Task instructions: If a line of the records contains the word "where", list it.

Data for processing:
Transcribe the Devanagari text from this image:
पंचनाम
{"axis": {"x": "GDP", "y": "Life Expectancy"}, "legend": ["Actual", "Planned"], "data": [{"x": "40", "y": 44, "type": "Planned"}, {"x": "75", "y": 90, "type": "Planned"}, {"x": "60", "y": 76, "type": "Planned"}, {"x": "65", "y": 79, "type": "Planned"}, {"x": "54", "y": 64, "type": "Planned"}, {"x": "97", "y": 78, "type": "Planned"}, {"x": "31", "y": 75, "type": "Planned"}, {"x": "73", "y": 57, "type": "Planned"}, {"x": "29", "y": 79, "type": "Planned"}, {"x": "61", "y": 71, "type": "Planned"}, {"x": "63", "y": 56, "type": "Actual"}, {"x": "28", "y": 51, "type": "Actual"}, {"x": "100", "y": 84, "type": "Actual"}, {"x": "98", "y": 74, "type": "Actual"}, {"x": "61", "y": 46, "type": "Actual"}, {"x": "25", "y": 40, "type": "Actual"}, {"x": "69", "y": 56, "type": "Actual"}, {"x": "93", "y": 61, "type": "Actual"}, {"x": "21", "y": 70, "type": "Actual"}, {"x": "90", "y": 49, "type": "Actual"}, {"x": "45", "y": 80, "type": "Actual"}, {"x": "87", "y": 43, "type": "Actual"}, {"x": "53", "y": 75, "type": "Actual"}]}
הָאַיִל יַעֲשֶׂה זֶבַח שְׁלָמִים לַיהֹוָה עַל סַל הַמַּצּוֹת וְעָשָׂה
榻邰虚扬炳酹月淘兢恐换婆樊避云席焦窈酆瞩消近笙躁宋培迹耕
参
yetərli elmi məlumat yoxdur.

==

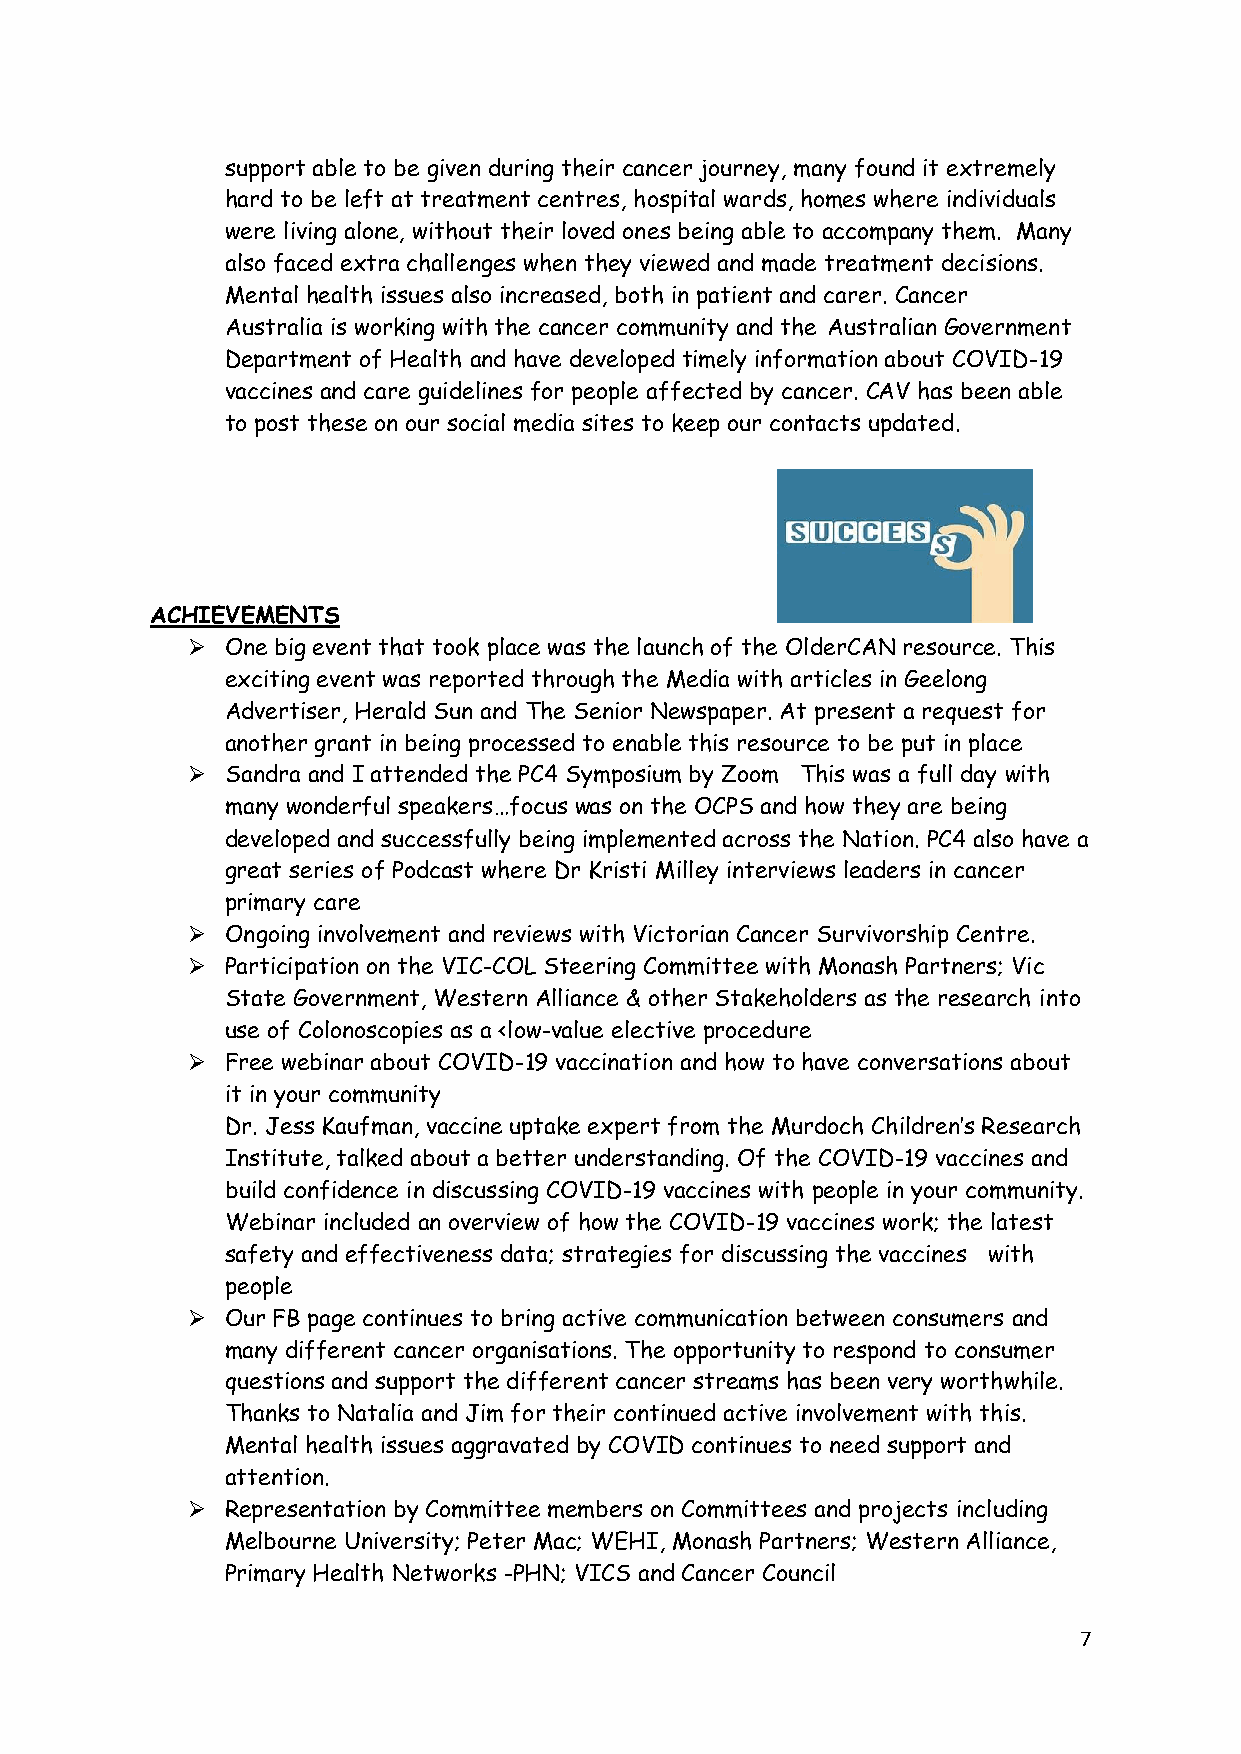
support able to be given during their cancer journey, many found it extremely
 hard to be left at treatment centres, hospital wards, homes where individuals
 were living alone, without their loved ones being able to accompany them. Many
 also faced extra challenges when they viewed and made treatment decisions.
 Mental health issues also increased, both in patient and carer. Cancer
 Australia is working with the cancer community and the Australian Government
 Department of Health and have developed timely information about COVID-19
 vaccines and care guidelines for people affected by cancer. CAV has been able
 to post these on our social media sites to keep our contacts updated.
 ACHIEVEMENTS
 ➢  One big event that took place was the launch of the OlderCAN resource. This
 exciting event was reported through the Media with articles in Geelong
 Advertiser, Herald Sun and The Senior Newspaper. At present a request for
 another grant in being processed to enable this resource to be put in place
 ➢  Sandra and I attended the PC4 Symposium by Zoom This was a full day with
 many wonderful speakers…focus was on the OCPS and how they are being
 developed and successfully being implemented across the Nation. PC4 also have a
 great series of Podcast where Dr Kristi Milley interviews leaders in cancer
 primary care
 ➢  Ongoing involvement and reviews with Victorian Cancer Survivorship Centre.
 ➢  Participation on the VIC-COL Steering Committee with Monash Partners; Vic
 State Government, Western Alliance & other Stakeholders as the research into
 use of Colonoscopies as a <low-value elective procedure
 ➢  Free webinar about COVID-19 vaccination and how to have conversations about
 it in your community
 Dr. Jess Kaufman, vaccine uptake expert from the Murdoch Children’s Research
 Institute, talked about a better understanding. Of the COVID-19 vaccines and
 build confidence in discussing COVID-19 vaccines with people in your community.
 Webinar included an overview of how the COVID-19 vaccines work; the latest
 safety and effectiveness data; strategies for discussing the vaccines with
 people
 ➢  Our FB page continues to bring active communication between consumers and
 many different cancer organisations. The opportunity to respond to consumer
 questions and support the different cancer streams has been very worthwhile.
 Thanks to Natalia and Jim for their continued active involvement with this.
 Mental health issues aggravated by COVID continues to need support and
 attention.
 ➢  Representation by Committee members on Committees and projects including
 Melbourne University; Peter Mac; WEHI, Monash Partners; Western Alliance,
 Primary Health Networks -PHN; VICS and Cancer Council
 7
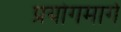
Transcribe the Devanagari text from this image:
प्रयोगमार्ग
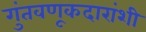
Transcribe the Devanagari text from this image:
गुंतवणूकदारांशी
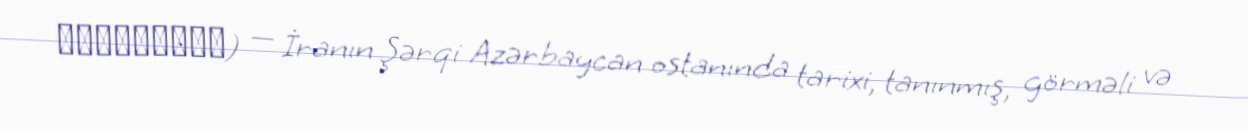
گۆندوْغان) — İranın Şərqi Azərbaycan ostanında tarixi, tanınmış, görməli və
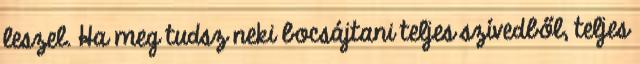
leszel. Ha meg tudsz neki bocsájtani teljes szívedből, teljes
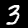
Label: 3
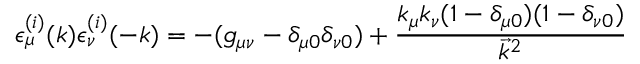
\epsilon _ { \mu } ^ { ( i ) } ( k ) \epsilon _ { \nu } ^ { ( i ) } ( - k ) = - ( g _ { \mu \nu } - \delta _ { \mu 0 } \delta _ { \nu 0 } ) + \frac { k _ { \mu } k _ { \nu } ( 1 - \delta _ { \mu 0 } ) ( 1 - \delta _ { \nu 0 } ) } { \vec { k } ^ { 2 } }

==

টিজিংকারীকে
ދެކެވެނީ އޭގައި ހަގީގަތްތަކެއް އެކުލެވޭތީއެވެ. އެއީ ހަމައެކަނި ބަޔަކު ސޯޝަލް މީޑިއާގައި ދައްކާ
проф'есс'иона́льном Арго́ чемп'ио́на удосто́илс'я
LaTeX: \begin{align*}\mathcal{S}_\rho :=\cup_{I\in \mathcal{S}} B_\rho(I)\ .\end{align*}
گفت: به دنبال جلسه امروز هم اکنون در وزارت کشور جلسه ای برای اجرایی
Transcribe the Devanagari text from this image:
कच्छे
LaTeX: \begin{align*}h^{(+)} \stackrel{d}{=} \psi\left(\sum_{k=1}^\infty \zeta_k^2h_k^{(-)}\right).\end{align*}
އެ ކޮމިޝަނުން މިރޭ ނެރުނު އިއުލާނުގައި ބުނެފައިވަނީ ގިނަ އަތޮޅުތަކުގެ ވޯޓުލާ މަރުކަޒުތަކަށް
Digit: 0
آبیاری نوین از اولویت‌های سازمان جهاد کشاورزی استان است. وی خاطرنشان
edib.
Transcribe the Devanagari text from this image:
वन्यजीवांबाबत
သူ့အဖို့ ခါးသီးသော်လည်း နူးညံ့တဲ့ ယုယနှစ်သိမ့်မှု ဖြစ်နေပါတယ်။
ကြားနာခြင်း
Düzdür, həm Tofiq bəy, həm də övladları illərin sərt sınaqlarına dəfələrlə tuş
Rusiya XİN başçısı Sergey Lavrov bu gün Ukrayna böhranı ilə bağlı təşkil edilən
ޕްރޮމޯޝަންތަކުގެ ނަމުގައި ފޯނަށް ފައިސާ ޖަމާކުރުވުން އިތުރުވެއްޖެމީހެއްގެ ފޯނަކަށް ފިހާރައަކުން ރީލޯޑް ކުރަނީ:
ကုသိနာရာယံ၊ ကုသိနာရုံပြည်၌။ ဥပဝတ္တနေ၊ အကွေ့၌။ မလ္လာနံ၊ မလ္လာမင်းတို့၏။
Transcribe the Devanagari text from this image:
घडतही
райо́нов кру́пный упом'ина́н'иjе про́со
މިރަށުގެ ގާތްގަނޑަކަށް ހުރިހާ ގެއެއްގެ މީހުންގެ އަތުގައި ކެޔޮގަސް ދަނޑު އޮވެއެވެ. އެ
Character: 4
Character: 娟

Response to this task:
 hard to be left at treatment centres, hospital wards, homes where individuals
 great series of Podcast where Dr Kristi Milley interviews leaders in cancer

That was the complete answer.